Сейчас же юнца ждет томительное заключение, долгие часы скуки в темноте, боль от побоев, тяжелые мысли. Он возненавидит все и всех. Полковника, однополчан, синьору, один вид и запах своего узилища. И тогда, истерзавшись своим одиночеством и вырвавшись на свободу, в первое же воскресенье он бросится прочь из особняка, позабыв обо всем. Куда? Только в одно место: к единственному другу, утолить мучительный голод простого человеческого тепла, цену которому знают лишь те, кто долго был его лишен. Мак-Рорк устремится к Пеппо Гамальяно, и уж тогда полковнику останется только не оплошать.

Глава 23

Благочестивый и неискренний

Сестра Фелиция распахнула дверь, не стучась. Она не была бесцеремонна от природы, но годы монашества, посвященные заботе о ближнем, воспитали в ней глубокое знание слабой людской натуры.

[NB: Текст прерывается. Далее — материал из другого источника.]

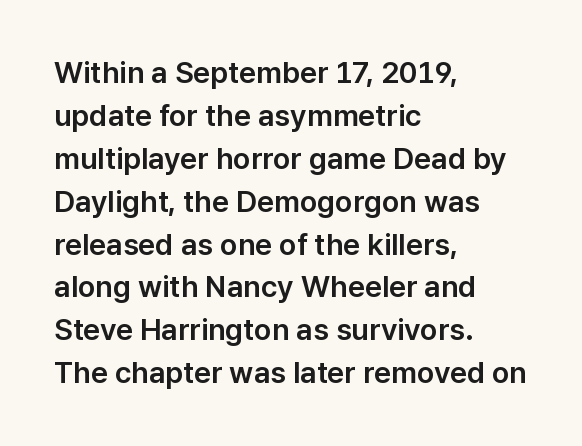
Look at the bottom of the vertical strokes: they stop flat, with no serifs. The leading is moderate, giving the passage an even texture. The baseline area is clear. The rendering uses natural spacing where letterforms have individual widths.
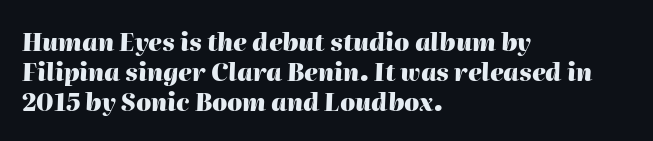
{"italic": "yes", "lean": "right", "slant_degrees": 2, "bold": "yes", "underline": "no", "align": "left", "line_spacing_ratio": 1.24, "letter_spacing": "normal", "letter_spacing_em": 0.0, "glyph_px": 24}

А посему неусыпное наблюдение за вверенной ей отроковицей сестра находила своим абсолютным долгом, и условности тут были излишними.

Войдя в келью, едва освещенную серым маревом ранней зари, пробивавшимся в узкое окошко, монахиня с огорчением убедилась: ее бдительность была оправданна. Паолина и не помышляла о молитве. Стоя на коленях, она любовно заплетала волосы в затейливую косу. Вспугнутая скрипом двери, она на секунду застыла и тут же торопливо начала укладывать косу на затылке. Чепец и велон все еще лежали поверх одеяла, а на полу из-под складок рясы стыдливо выглядывал гребень.

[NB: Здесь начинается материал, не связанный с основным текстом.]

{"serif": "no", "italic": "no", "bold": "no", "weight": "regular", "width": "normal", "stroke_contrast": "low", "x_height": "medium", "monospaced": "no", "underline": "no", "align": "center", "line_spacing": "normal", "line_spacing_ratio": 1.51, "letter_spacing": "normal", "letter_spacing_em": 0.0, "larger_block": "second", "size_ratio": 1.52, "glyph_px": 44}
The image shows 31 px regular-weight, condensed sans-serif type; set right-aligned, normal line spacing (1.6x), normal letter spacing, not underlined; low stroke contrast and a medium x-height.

Монахиня покачала головой:

– До завтрака всего двадцать минут, Паолина. А ты, вместо того чтобы вознести хвалу Создателю за наступивший день, обихаживаешь волосы. Любование плотью – от гордыни, дитя. А гордыня – великий грех.

Паолина чуть сдвинула брови:

– Я прочла утренние молитвы, сестра, и не делаю ничего дурного. Вы сами меня учили, что надобно содержать себя в опрятности и уважать дары Господа. Разве плоть – не один из его даров?

Монахиня нахмурилась: склонность девицы перечить на каждом шагу была самой несносной ее чертой.

– Плоть – тюрьма духа, Паолина, – отрезала она, – и ее надобно не лелеять, а усмирять, держать в строгости и упражнять страданием, дабы возвыситься над ней.

Но отроковица закрепила последнюю прядь и поднялась с колен:

– Но, сестра, если так, зачем же тогда мы заботимся о больных? Почему пытаемся облегчить их муки и задержать их дух в теле, если страдание так полезно, а плоть – всего лишь тюрьма?..

Она не успела договорить, когда жесткая ладонь хлестнула ее по губам.

– Бесстыдница! – сурово припечатала монахиня. – Глумление над милосердием – что может быть омерзительнее?!

– Я не глумилась, сестра Фелиция! – Голос девушки дрогнул. – Я просто спросила о том, чего не понимаю! Что в этом омерзительного?

Но монахиня лишь указала на чепец:

– Покрой голову, пора в трапезную. – Она помолчала и добавила уже мягче: – Я буду сегодня еще горячее молиться за тебя, Паолина. Сам лукавый стоит у твоего плеча, смущая тебя своим шепотом и внося смуту в твою душу. Не дай ему побороть себя, дитя.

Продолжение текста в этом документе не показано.